TP(5)								File Formats Manual							     TP(5)

tp - DEC/mag tape formats DESCRIPTION
Tp dumps files to and extracts files from DECtape and magtape. The formats of these tapes are the same except that magtapes have larger directories. Block zero contains a copy of a stand-alone bootstrap program. See reboot(8). Blocks 1 through 24 for DECtape (1 through 62 for magtape) contain a directory of the tape. There are 192 (resp. 496) entries in the directory; 8 entries per block; 64 bytes per entry.

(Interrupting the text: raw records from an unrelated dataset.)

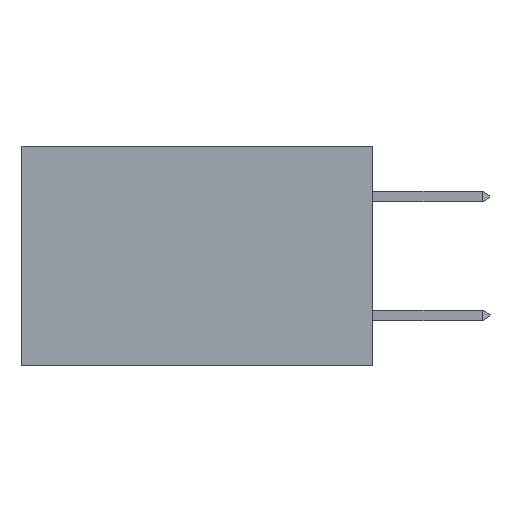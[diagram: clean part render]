
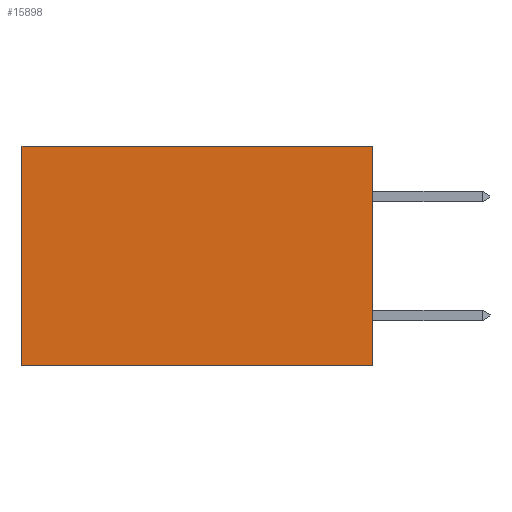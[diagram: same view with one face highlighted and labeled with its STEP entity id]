
A CAD part, left-side view. The second image highlights one B-rep face of the part: STEP entity #15898.
In plain terms, the highlighted planar face has unit normal (-1, 0, 0).
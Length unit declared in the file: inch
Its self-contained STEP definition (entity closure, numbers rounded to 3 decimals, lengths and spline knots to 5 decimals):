
#125 = DIRECTION ( 'NONE',  ( 0., 0., -1. ) ) ;
#306 = VERTEX_POINT ( 'NONE', #17983 ) ;
#644 = VERTEX_POINT ( 'NONE', #17627 ) ;
#674 = CARTESIAN_POINT ( 'NONE',  ( 0.277, 0.59, -0.37 ) ) ;
#1799 = VECTOR ( 'NONE', #125, 39.37008 ) ;
#1842 = CARTESIAN_POINT ( 'NONE',  ( 0.277, 0., -0.37 ) ) ;
#2399 = DIRECTION ( 'NONE',  ( 0., 0., -1. ) ) ;
#4061 = DIRECTION ( 'NONE',  ( 0., 0., -1. ) ) ;
#4503 = EDGE_CURVE ( 'NONE', #20987, #644, #8561, .T. ) ;
#4551 = ORIENTED_EDGE ( 'NONE', *, *, #16397, .F. ) ;
#5640 = EDGE_CURVE ( 'NONE', #306, #21848, #13311, .T. ) ;
#5750 = CARTESIAN_POINT ( 'NONE',  ( 0.277, 0., -0.37 ) ) ;
#7254 = CARTESIAN_POINT ( 'NONE',  ( 0.277, 0., 0. ) ) ;
#7713 = CARTESIAN_POINT ( 'NONE',  ( 0.277, 0., 0. ) ) ;
#8561 = LINE ( 'NONE', #7713, #21603 ) ;
#8593 = ORIENTED_EDGE ( 'NONE', *, *, #11641, .T. ) ;
#10884 = PLANE ( 'NONE',  #11657 ) ;
#11641 = EDGE_CURVE ( 'NONE', #644, #21848, #20618, .T. ) ;
#11657 = AXIS2_PLACEMENT_3D ( 'NONE', #5750, #14375, #4061 ) ;
#12036 = FACE_OUTER_BOUND ( 'NONE', #15816, .T. ) ;
#12143 = ORIENTED_EDGE ( 'NONE', *, *, #5640, .F. ) ;
#13276 = DIRECTION ( 'NONE',  ( 0., 1., 0. ) ) ;
#13311 = LINE ( 'NONE', #16391, #18410 ) ;
#14225 = ORIENTED_EDGE ( 'NONE', *, *, #4503, .T. ) ;
#14375 = DIRECTION ( 'NONE',  ( 1., 0., 0. ) ) ;
#15816 = EDGE_LOOP ( 'NONE', ( #8593, #12143, #4551, #14225 ) ) ;
#15898 = ADVANCED_FACE ( 'NONE', ( #12036 ), #10884, .F. ) ;
#16391 = CARTESIAN_POINT ( 'NONE',  ( 0.277, 0., -0.37 ) ) ;
#16396 = DIRECTION ( 'NONE',  ( 0., 1., 0. ) ) ;
#16397 = EDGE_CURVE ( 'NONE', #20987, #306, #20040, .T. ) ;
#17627 = CARTESIAN_POINT ( 'NONE',  ( 0.277, 0.59, 0. ) ) ;
#17983 = CARTESIAN_POINT ( 'NONE',  ( 0.277, 0., -0.37 ) ) ;
#18410 = VECTOR ( 'NONE', #16396, 39.37008 ) ;
#20040 = LINE ( 'NONE', #1842, #1799 ) ;
#20094 = VECTOR ( 'NONE', #2399, 39.37008 ) ;
#20618 = LINE ( 'NONE', #674, #20094 ) ;
#20987 = VERTEX_POINT ( 'NONE', #7254 ) ;
#21348 = CARTESIAN_POINT ( 'NONE',  ( 0.277, 0.59, -0.37 ) ) ;
#21603 = VECTOR ( 'NONE', #13276, 39.37008 ) ;
#21848 = VERTEX_POINT ( 'NONE', #21348 ) ;
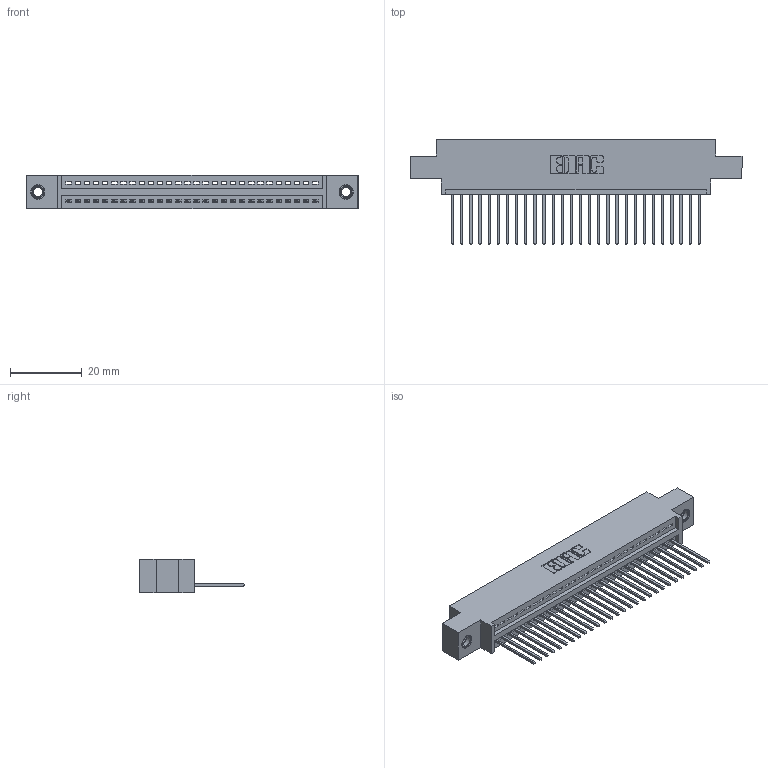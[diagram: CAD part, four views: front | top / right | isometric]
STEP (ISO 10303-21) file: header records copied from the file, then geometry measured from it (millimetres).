
FILE_DESCRIPTION (( 'STEP AP203' ), '1' );
FILE_NAME ('345-028-540-607.STEP', '2019-10-07T05:48:35', ( '' ), ( '' ), 'SwSTEP 2.0', 'SolidWorks 2016', '' );
FILE_SCHEMA (( 'CONFIG_CONTROL_DESIGN' ));
Length unit declared in the file: inch
Products named in the file (4): 345-250-001_345-250-005-103; 345 Part_0.170 Offset - 0.156 Dia-TI; 345-028-540-607; 345-292-001_345-293-140
Assembly tree (31 placements, depth 2):
  345-028-540-607
    345 Part_0.170 Offset - 0.156 Dia-TI
    345-292-001_345-293-140  x28
    345-250-001_345-250-005-103  x2
Bounding box: 92.33 x 29.13 x 9.4 mm (x, y, z)
Volume: 8565.8 mm3; surface area: 11624.9 mm2
Topology: 31 solids, 31 shells, 1814 faces, 5417 edges, 3566 vertices
Faces by surface type: plane 1236, cylinder 562, cone 12, torus 4
Entity records: 24294 total; most frequent: CARTESIAN_POINT 4191, ORIENTED_EDGE 4146, DIRECTION 3707, EDGE_CURVE 2073, LINE 1809, VECTOR 1809, VERTEX_POINT 1376, AXIS2_PLACEMENT_3D 949
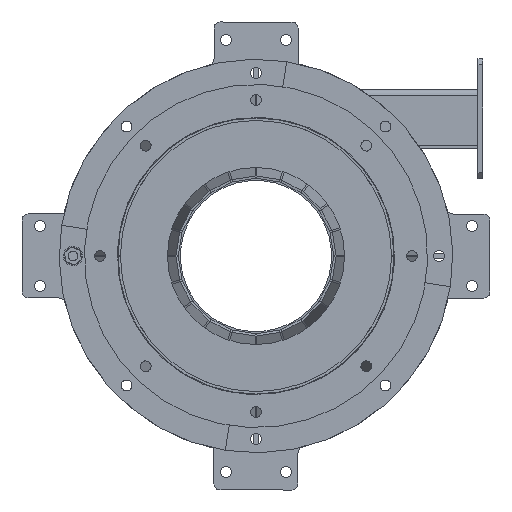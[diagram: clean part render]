
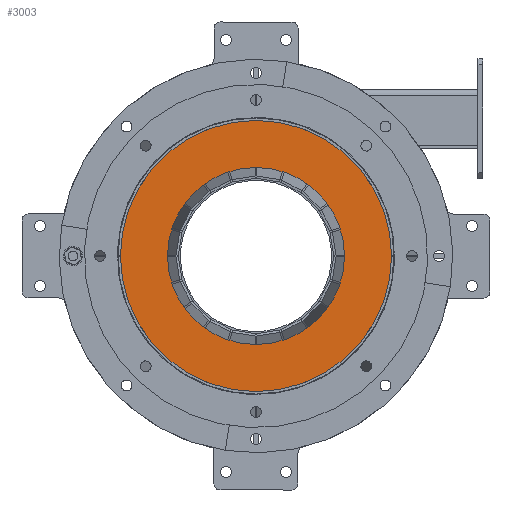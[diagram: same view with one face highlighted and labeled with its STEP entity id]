
A CAD part, front view. The second image highlights one B-rep face of the part: STEP entity #3003.
In plain terms, the highlighted planar face has unit normal (0, -1, 0).
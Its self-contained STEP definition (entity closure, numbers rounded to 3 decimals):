
#7 = DIRECTION ( 'NONE',  ( 0., 1., 0. ) ) ;
#817 = DIRECTION ( 'NONE',  ( 0., 1., 0. ) ) ;
#1155 = CIRCLE ( 'NONE', #4054, 113. ) ;
#1270 = EDGE_CURVE ( 'NONE', #7332, #10363, #6217, .T. ) ;
#1306 = AXIS2_PLACEMENT_3D ( 'NONE', #6549, #3140, #7415 ) ;
#1515 = EDGE_CURVE ( 'NONE', #8302, #2758, #1155, .T. ) ;
#1551 = EDGE_CURVE ( 'NONE', #2758, #8302, #3331, .T. ) ;
#1669 = CARTESIAN_POINT ( 'NONE',  ( 0., 0., 0. ) ) ;
#1765 = CARTESIAN_POINT ( 'NONE',  ( 0., 0., -73.75 ) ) ;
#1830 = CARTESIAN_POINT ( 'NONE',  ( 0., 0., 113. ) ) ;
#2491 = EDGE_CURVE ( 'NONE', #10363, #7332, #2976, .T. ) ;
#2524 = AXIS2_PLACEMENT_3D ( 'NONE', #6574, #11062, #4172 ) ;
#2758 = VERTEX_POINT ( 'NONE', #1830 ) ;
#2976 = CIRCLE ( 'NONE', #6786, 73.75 ) ;
#3003 = ADVANCED_FACE ( 'NONE', ( #8481, #3167 ), #11231, .F. ) ;
#3070 = EDGE_LOOP ( 'NONE', ( #9052, #5631 ) ) ;
#3140 = DIRECTION ( 'NONE',  ( 0., 1., 0. ) ) ;
#3167 = FACE_BOUND ( 'NONE', #3070, .T. ) ;
#3331 = CIRCLE ( 'NONE', #9024, 113. ) ;
#3438 = CARTESIAN_POINT ( 'NONE',  ( 0., 0., 0. ) ) ;
#3572 = DIRECTION ( 'NONE',  ( 0., 0., 1. ) ) ;
#3610 = DIRECTION ( 'NONE',  ( 0., 1., 0. ) ) ;
#3658 = ORIENTED_EDGE ( 'NONE', *, *, #1551, .F. ) ;
#4054 = AXIS2_PLACEMENT_3D ( 'NONE', #3438, #3610, #7097 ) ;
#4172 = DIRECTION ( 'NONE',  ( 0., 0., 1. ) ) ;
#5155 = DIRECTION ( 'NONE',  ( 0., 0., 1. ) ) ;
#5631 = ORIENTED_EDGE ( 'NONE', *, *, #2491, .T. ) ;
#6217 = CIRCLE ( 'NONE', #1306, 73.75 ) ;
#6549 = CARTESIAN_POINT ( 'NONE',  ( 0., 0., 0. ) ) ;
#6574 = CARTESIAN_POINT ( 'NONE',  ( 0., 0., 0. ) ) ;
#6786 = AXIS2_PLACEMENT_3D ( 'NONE', #6942, #7, #3572 ) ;
#6942 = CARTESIAN_POINT ( 'NONE',  ( 0., 0., 0. ) ) ;
#7097 = DIRECTION ( 'NONE',  ( 0., 0., 1. ) ) ;
#7332 = VERTEX_POINT ( 'NONE', #1765 ) ;
#7415 = DIRECTION ( 'NONE',  ( 0., 0., 1. ) ) ;
#8302 = VERTEX_POINT ( 'NONE', #9594 ) ;
#8481 = FACE_OUTER_BOUND ( 'NONE', #9977, .T. ) ;
#9024 = AXIS2_PLACEMENT_3D ( 'NONE', #1669, #817, #5155 ) ;
#9052 = ORIENTED_EDGE ( 'NONE', *, *, #1270, .T. ) ;
#9405 = CARTESIAN_POINT ( 'NONE',  ( 0., 0., 73.75 ) ) ;
#9594 = CARTESIAN_POINT ( 'NONE',  ( 0., 0., -113. ) ) ;
#9977 = EDGE_LOOP ( 'NONE', ( #10612, #3658 ) ) ;
#10363 = VERTEX_POINT ( 'NONE', #9405 ) ;
#10612 = ORIENTED_EDGE ( 'NONE', *, *, #1515, .F. ) ;
#11062 = DIRECTION ( 'NONE',  ( 0., 1., 0. ) ) ;
#11231 = PLANE ( 'NONE',  #2524 ) ;
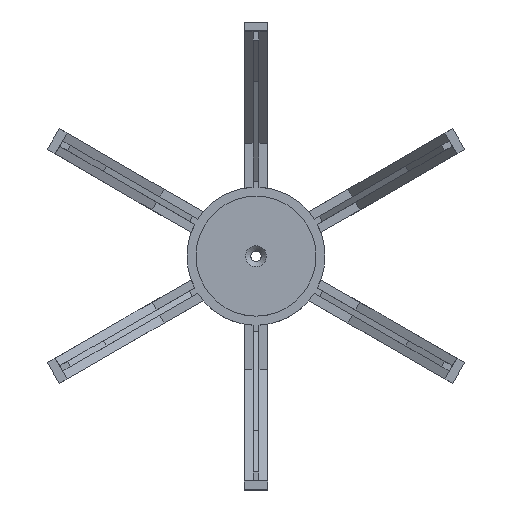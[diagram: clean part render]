
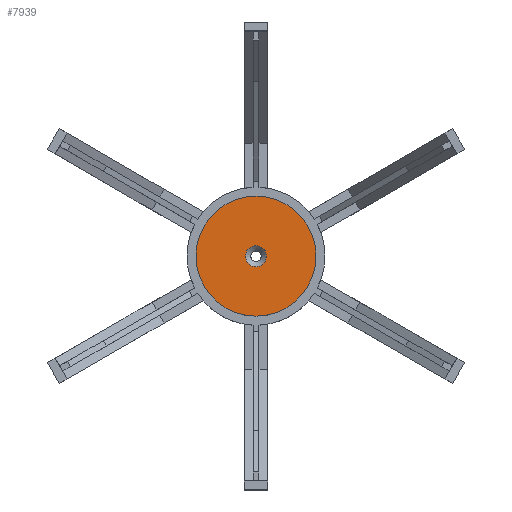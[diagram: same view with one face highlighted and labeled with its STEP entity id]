
A CAD part, top view. The second image highlights one B-rep face of the part: STEP entity #7939.
In plain terms, the highlighted planar face has unit normal (0, 0, 1).
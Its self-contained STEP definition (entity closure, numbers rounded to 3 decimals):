
#4170 = CYLINDRICAL_SURFACE('',#4171,20.);
#4171 = AXIS2_PLACEMENT_3D('',#4172,#4173,#4174);
#4172 = CARTESIAN_POINT('',(0.,0.,5.));
#4173 = DIRECTION('',(0.,0.,1.));
#4174 = DIRECTION('',(0.,1.,0.));
#7342 = VERTEX_POINT('',#7343);
#7343 = CARTESIAN_POINT('',(0.,20.,8.));
#7364 = EDGE_CURVE('',#7342,#7342,#7365,.T.);
#7365 = SURFACE_CURVE('',#7366,(#7371,#7378),.PCURVE_S1.);
#7366 = CIRCLE('',#7367,20.);
#7367 = AXIS2_PLACEMENT_3D('',#7368,#7369,#7370);
#7368 = CARTESIAN_POINT('',(0.,0.,8.));
#7369 = DIRECTION('',(0.,-0.,1.));
#7370 = DIRECTION('',(0.,1.,0.));
#7371 = PCURVE('',#4170,#7372);
#7372 = DEFINITIONAL_REPRESENTATION('',(#7373),#7377);
#7373 = LINE('',#7374,#7375);
#7374 = CARTESIAN_POINT('',(0.,3.));
#7375 = VECTOR('',#7376,1.);
#7376 = DIRECTION('',(1.,0.));
#7377 = ( GEOMETRIC_REPRESENTATION_CONTEXT(2) 
PARAMETRIC_REPRESENTATION_CONTEXT() REPRESENTATION_CONTEXT('2D SPACE',''
  ) );
#7378 = PCURVE('',#7379,#7384);
#7379 = PLANE('',#7380);
#7380 = AXIS2_PLACEMENT_3D('',#7381,#7382,#7383);
#7381 = CARTESIAN_POINT('',(0.,0.,8.));
#7382 = DIRECTION('',(0.,0.,1.));
#7383 = DIRECTION('',(0.,1.,0.));
#7384 = DEFINITIONAL_REPRESENTATION('',(#7385),#7389);
#7385 = CIRCLE('',#7386,20.);
#7386 = AXIS2_PLACEMENT_2D('',#7387,#7388);
#7387 = CARTESIAN_POINT('',(0.,0.));
#7388 = DIRECTION('',(1.,0.));
#7389 = ( GEOMETRIC_REPRESENTATION_CONTEXT(2) 
PARAMETRIC_REPRESENTATION_CONTEXT() REPRESENTATION_CONTEXT('2D SPACE',''
  ) );
#7904 = CONICAL_SURFACE('',#7905,3.5,0.785);
#7905 = AXIS2_PLACEMENT_3D('',#7906,#7907,#7908);
#7906 = CARTESIAN_POINT('',(0.,0.,8.));
#7907 = DIRECTION('',(0.,0.,1.));
#7908 = DIRECTION('',(0.,1.,-0.));
#7939 = ADVANCED_FACE('',(#7940,#7943),#7379,.T.);
#7940 = FACE_BOUND('',#7941,.T.);
#7941 = EDGE_LOOP('',(#7942));
#7942 = ORIENTED_EDGE('',*,*,#7364,.T.);
#7943 = FACE_BOUND('',#7944,.T.);
#7944 = EDGE_LOOP('',(#7945));
#7945 = ORIENTED_EDGE('',*,*,#7946,.F.);
#7946 = EDGE_CURVE('',#7947,#7947,#7949,.T.);
#7947 = VERTEX_POINT('',#7948);
#7948 = CARTESIAN_POINT('',(0.,3.5,8.));
#7949 = SURFACE_CURVE('',#7950,(#7955,#7962),.PCURVE_S1.);
#7950 = CIRCLE('',#7951,3.5);
#7951 = AXIS2_PLACEMENT_3D('',#7952,#7953,#7954);
#7952 = CARTESIAN_POINT('',(0.,0.,8.));
#7953 = DIRECTION('',(0.,-0.,1.));
#7954 = DIRECTION('',(0.,1.,0.));
#7955 = PCURVE('',#7379,#7956);
#7956 = DEFINITIONAL_REPRESENTATION('',(#7957),#7961);
#7957 = CIRCLE('',#7958,3.5);
#7958 = AXIS2_PLACEMENT_2D('',#7959,#7960);
#7959 = CARTESIAN_POINT('',(0.,0.));
#7960 = DIRECTION('',(1.,0.));
#7961 = ( GEOMETRIC_REPRESENTATION_CONTEXT(2) 
PARAMETRIC_REPRESENTATION_CONTEXT() REPRESENTATION_CONTEXT('2D SPACE',''
  ) );
#7962 = PCURVE('',#7904,#7963);
#7963 = DEFINITIONAL_REPRESENTATION('',(#7964),#7968);
#7964 = LINE('',#7965,#7966);
#7965 = CARTESIAN_POINT('',(0.,-0.));
#7966 = VECTOR('',#7967,1.);
#7967 = DIRECTION('',(1.,-0.));
#7968 = ( GEOMETRIC_REPRESENTATION_CONTEXT(2) 
PARAMETRIC_REPRESENTATION_CONTEXT() REPRESENTATION_CONTEXT('2D SPACE',''
  ) );
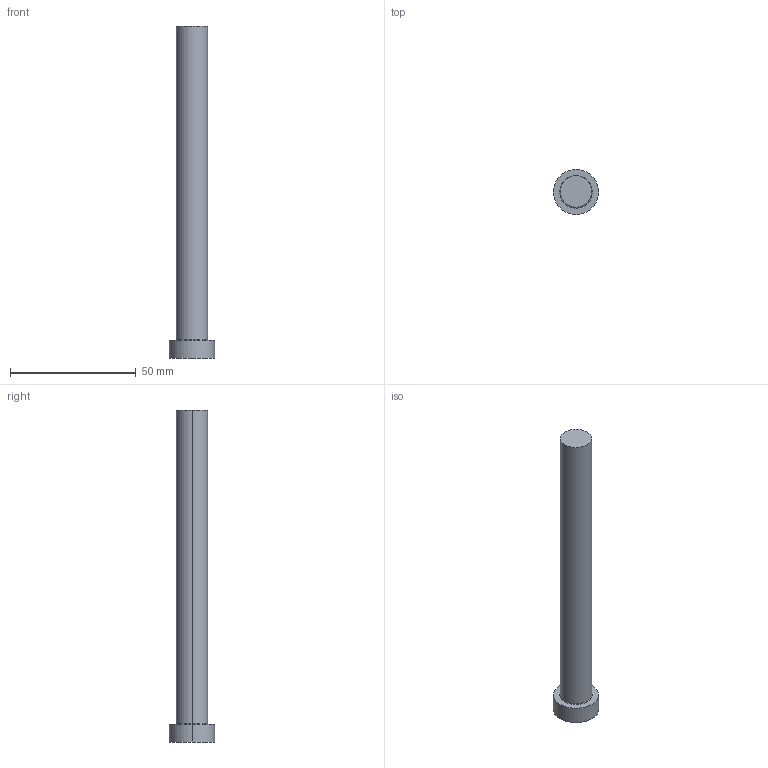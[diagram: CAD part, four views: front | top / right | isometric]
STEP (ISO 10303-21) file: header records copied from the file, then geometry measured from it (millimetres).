
FILE_DESCRIPTION (( 'STEP AP203' ), '1' );
FILE_NAME ('b8cf.STEP', '2022-07-07T09:43:15', ( '' ), ( '' ), 'SwSTEP 2.0', 'SolidWorks 2019', '' );
FILE_SCHEMA (( 'CONFIG_CONTROL_DESIGN' ));
Length unit declared in the file: millimetre
Products named in the file (1): b8cf
Bounding box: 18 x 18 x 132 mm (x, y, z)
Volume: 17121.4 mm3; surface area: 5810.2 mm2
Topology: 1 solids, 1 shells, 9 faces, 16 edges, 10 vertices
Faces by surface type: cylinder 4, plane 3, torus 2
Entity records: 303 total; most frequent: DIRECTION 48, CARTESIAN_POINT 36, ORIENTED_EDGE 32, AXIS2_PLACEMENT_3D 22, EDGE_CURVE 16, CIRCLE 12, EDGE_LOOP 10, VERTEX_POINT 10

Each entry has the following format: struct { char pathname[32]; unsigned short mode; char uid; char gid; char unused1; char size[3]; long modtime; unsigned short tapeaddr; char unused2[16]; unsigned short checksum; }; The path name entry is the path name of the file when put on the tape. If the pathname starts with a zero word, the entry is empty. It is at most 32 bytes long and ends in a null byte. Mode, uid, gid, size and time modified are the same as described under i-nodes (see file system fs(5)). The tape address is the tape block number of the start of the contents of the file. Every file starts on a block boundary. The file occupies (size+511)/512 blocks of continuous tape. The checksum entry has a value such that the sum of the 32 words of the direc- tory entry is zero. Blocks above 25 (resp. 63) are available for file storage. A fake entry has a size of zero. SEE ALSO
fs(5), tp(1) BUGS
The pathname, uid, gid, and size fields are too small. 7th Edition May 15, 1985 TP(5)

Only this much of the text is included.